I decided to do some research on this. Cause you know, it’s late at night and sleep is for babies. What started as an innocent inquiry into what we eat every year, turned into a dark journey into terror. Believe it or not, in one year you will have likely eaten one ton of food! Yes, the FDA figures it out to be an average of 1,996.3 pounds. But hey, if you’re a perfectionist like me, just buy those extra two Trenta caramel lattes (with whipped cream!) at your corner Starbucks every week and you’ll get to that perfectly rounded 2,000-pound mark, easy peasy.

I mean, really? A ton of food in a year? That’s more weight than a Mitsubishi Mirage. Thank God for efficient digestive systems!  It got even more terrifying when I checked to see how the weight was split up. I don’t know what possessed me to go looking, but go looking I did.

People apparently love their dairy. As a society, we keep the dairy industry afloat. Each of us, on average – because of course some people don’t eat or drink dairy at all, consumes 781.5 pounds of milk, yogurt, and other dairy products a year. Add in another 31.4 pounds if you eat cheese.

We eat 32.7 pounds of eggs.  That works out to 253 eggs apiece for the math impaired (and just so you know, I used a calculator for that…cause you know, technology).

What about meats? Apparently, each person will go through about 62.4 pounds of red meat, 46.5 pounds of pork, 60.4 pounds of chicken, and 23.2 pounds of turkey in their yearly feasting. I bet most of that turkey consumption is on Thanksgiving weekend alone.

I couldn’t find stats on other types of meat and it’s just as well. Just knowing the above made me sick enough.

As for the veggie side of things, we eat 415.4 pounds of vegetables every year to go with that massive portion of meat already on our plates.  Seriously though, we need these veggies to counter the over 85 pounds of butter and oil we eat per year. Ugh.

If you have a three-year-old toddler (if you don’t then, borrow one), pick him or her up.  Pretty hefty, right?  Now put the toddler down and close your eyes. Now open your eyes and pretend that the cute toddler has turned into a pile of delicious French Fries. Okay, don’t roll your eyes at me…this is just a visualization technique. Good grief.  Anyway, do you see that toddler size pile of fries?  Now know this, each year the average American will consume 31.1 pounds of fries…the average weight of a three-year-old.

It gets worse.  Cause we haven’t even discussed snacks.

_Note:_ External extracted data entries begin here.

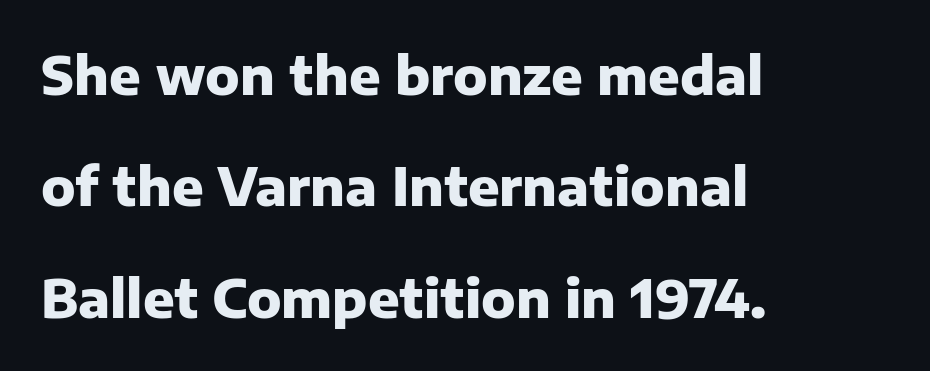
{"serif": "no", "italic": "no", "bold": "yes", "weight": "heavy", "width": "normal", "stroke_contrast": "low", "x_height": "medium", "monospaced": "no", "underline": "no", "align": "left", "line_spacing": "loose", "line_spacing_ratio": 2.14, "letter_spacing": "normal", "letter_spacing_em": 0.0, "glyph_px": 52}
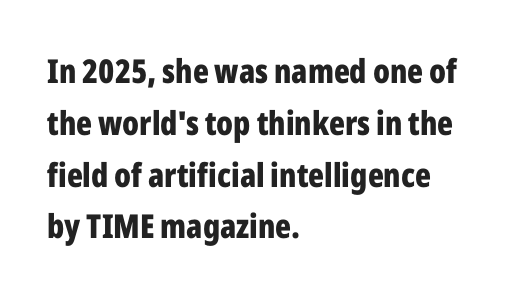
The image shows 33 px bold, condensed sans-serif type, upright; set left-aligned, normal line spacing (1.57x), normal letter spacing, not underlined; low stroke contrast and a medium x-height.
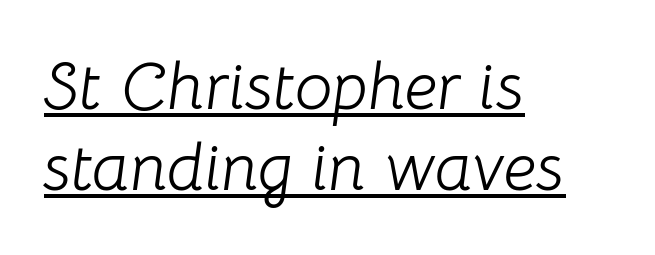
The image shows 67 px light type, italic (leaning right); set left-aligned, line spacing 1.21x, normal letter spacing, underlined; low stroke contrast and a medium x-height.
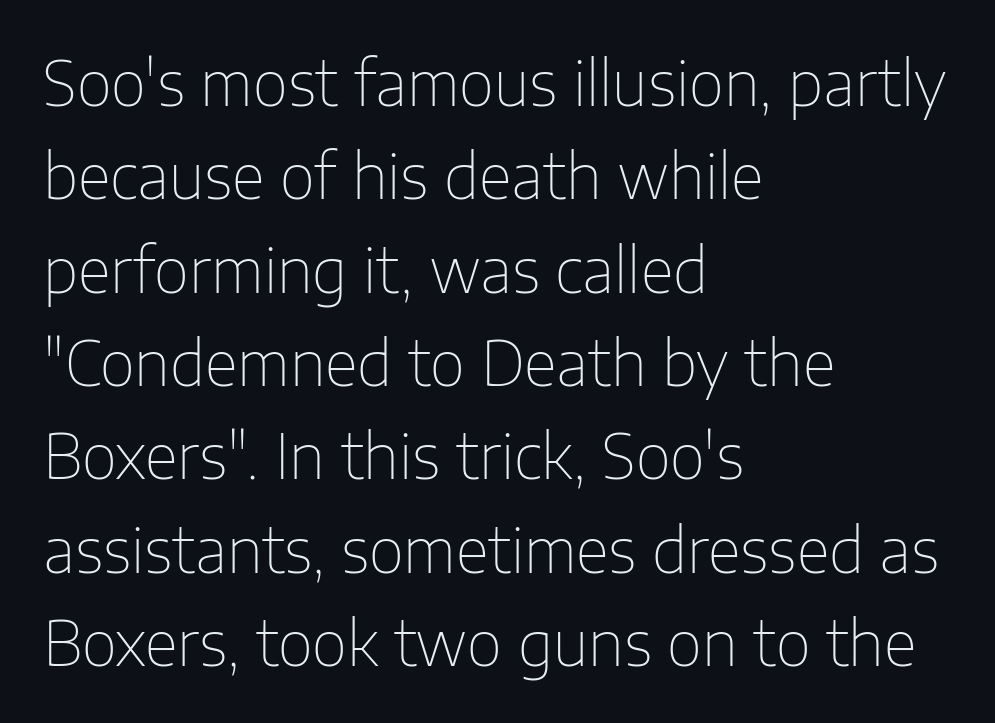
{"serif": "no", "italic": "no", "bold": "no", "weight": "thin", "width": "normal", "stroke_contrast": "low", "x_height": "medium", "monospaced": "no", "underline": "no", "align": "left", "line_spacing": "normal", "line_spacing_ratio": 1.53, "letter_spacing": "normal", "letter_spacing_em": 0.0, "glyph_px": 61}
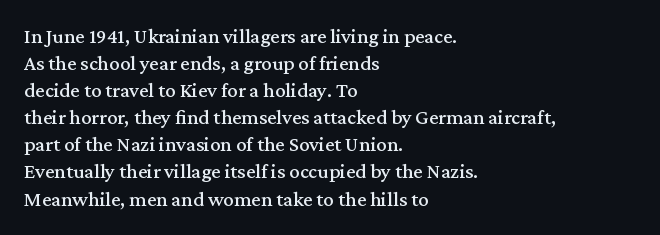
Q: Is the text italic (slanted)? A: No, it is upright.
Q: Is the text underlined? A: No.
Q: How is the paragraph aligned? A: Left-aligned.
Q: Is the spacing between letters normal or unusually wide? A: Normal.
Q: Is the spacing between lines tight, normal or loose? A: Normal.
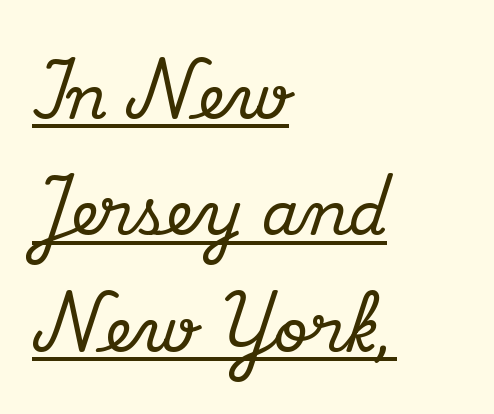
{"serif": "yes", "width": "normal", "stroke_contrast": "medium", "x_height": "small", "monospaced": "no", "underline": "yes", "align": "left", "line_spacing": "loose", "line_spacing_ratio": 1.94, "letter_spacing": "normal", "letter_spacing_em": 0.0, "glyph_px": 60}

And who doesn’t love snacks? You’re looking at 23 pounds of pizza, 24 pounds of ice cream (which I could do in one week if my wallet and my doctor would let me), 53 gallons of soda (I think I’m above average on this one…not exactly the goal my mother was shooting for when she claimed I had potential), and a terrifying 3 pounds of salt. Three. Pounds. Of. Salt. No wonder blood pressure is on the rise nationwide.

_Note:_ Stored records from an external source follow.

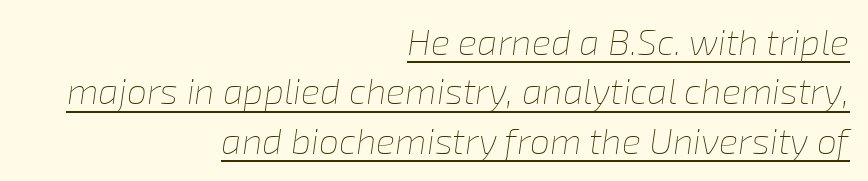
Q: Is the text bold? A: No.
Q: Is the text italic (slanted)? A: Yes, it leans right by about 8 degrees.
Q: Is the text underlined? A: Yes.
Q: How is the paragraph aligned? A: Right-aligned.
Q: Is the spacing between letters normal or unusually wide? A: Normal.
Q: Is the spacing between lines tight, normal or loose? A: Normal.
Q: Width (condensed, normal, or wide)? A: Normal.
Q: Stroke contrast? A: Low.
Q: x-height? A: Medium.
Q: Monospaced? A: No.
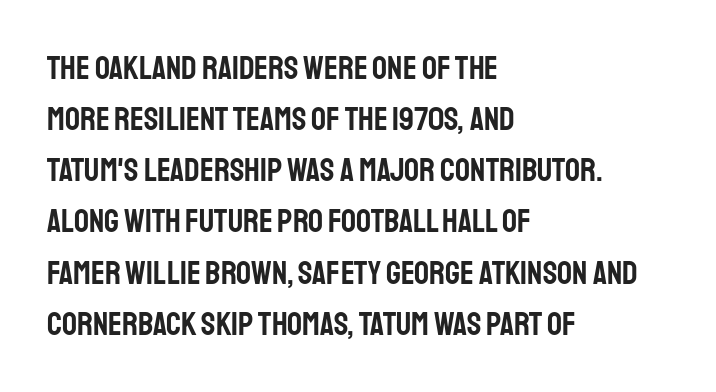
Q: Is the text italic (slanted)? A: No, it is upright.
Q: Is the typeface a serif or a sans-serif typeface? A: Sans-serif.
Q: Is the text underlined? A: No.
Q: How is the paragraph aligned? A: Left-aligned.
Q: Is the spacing between letters normal or unusually wide? A: Normal.
Q: Is the spacing between lines tight, normal or loose? A: Normal.
Q: Width (condensed, normal, or wide)? A: Condensed.
Q: Stroke contrast? A: Low.
Q: x-height? A: Large.
Q: Monospaced? A: No.
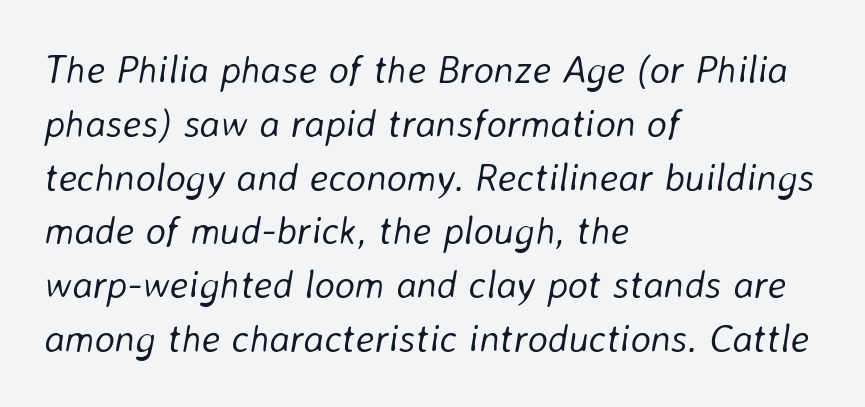
The typesetting does not lean heavy: it is not bold. In terms of posture, this sample is oblique. The glyphs are unaccompanied by any horizontal stroke below them. Default kerning and tracking; the words read as compact shapes. This sample has the flowing, uneven cadence of proportional lettering. Honestly, the row spacing looks completely unremarkable.
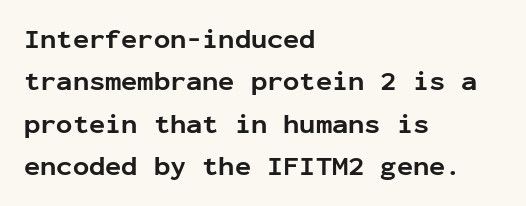
The image shows 27 px bold type, upright; set left-aligned, normal line spacing (1.57x), normal letter spacing, not underlined.
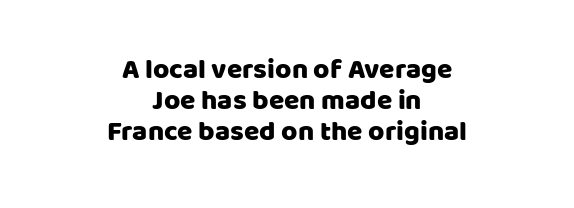
Q: Is the text italic (slanted)? A: No, it is upright.
Q: Is the typeface a serif or a sans-serif typeface? A: Sans-serif.
Q: Is the text underlined? A: No.
Q: How is the paragraph aligned? A: Centered.
Q: Is the spacing between letters normal or unusually wide? A: Normal.
Q: Is the spacing between lines tight, normal or loose? A: Tight.
Q: Width (condensed, normal, or wide)? A: Normal.
Q: Stroke contrast? A: Low.
Q: x-height? A: Large.
Q: Monospaced? A: No.
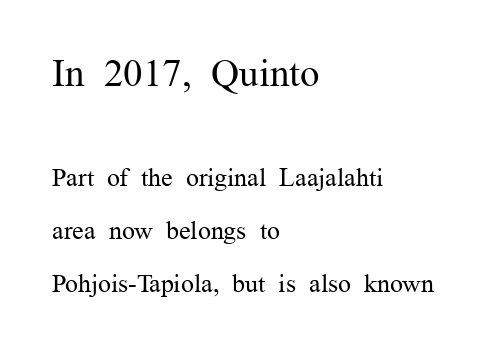
The image shows 39 px regular-weight serif type, upright; set left-aligned, loose line spacing (2.04x), normal letter spacing, not underlined; the first (top) block is 1.5x larger; medium stroke contrast and a medium x-height.

So, yeah. While I am more enlightened and more knowledgeable, which is never a bad thing, my late-night journey into the realm of our society’s consumption levels left me a little worse for wear. I almost couldn’t finish my bag of chips and pint of Ben & Jerry’s Karamel-Sutra.

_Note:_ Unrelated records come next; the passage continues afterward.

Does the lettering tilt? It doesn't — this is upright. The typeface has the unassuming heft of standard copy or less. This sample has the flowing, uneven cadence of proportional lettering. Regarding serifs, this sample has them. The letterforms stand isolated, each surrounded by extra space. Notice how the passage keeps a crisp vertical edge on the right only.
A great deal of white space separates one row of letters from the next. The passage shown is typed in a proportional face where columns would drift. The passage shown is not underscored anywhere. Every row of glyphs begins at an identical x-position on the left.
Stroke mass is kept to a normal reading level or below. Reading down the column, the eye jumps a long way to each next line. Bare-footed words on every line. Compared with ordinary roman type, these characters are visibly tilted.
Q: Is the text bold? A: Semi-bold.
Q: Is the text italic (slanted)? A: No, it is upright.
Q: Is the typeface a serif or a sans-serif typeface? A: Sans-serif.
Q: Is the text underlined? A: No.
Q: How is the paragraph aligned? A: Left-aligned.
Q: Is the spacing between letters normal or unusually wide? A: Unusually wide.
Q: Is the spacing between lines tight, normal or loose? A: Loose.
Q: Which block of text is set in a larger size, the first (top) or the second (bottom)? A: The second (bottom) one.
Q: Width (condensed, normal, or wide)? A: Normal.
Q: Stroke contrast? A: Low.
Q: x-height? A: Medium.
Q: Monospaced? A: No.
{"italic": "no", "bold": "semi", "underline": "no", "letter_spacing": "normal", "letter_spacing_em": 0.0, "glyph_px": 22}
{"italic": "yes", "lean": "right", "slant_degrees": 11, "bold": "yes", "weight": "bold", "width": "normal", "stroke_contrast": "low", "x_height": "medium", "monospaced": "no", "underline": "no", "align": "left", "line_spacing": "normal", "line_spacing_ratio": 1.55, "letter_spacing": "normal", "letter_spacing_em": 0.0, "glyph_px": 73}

9 thoughts on “Wretched Excess

  1. Staggering numbers! But our diets (or lack thereof) can be an extremely powerful motivator. Remember, the Age of Exploration in Europe started after Marco Polo brought spices back from the Orient. I remember in junior high school having this demonstrated to us in a class where we fixed and ate a typical 13th century peasant diet every day for a week. When a pinch of salt was worth it’s weight in gold and the diet was so bland that starvation sounded better by the day, emptying out the kingdom’s coffers to find a route to bring pepper and oregano was a good deal.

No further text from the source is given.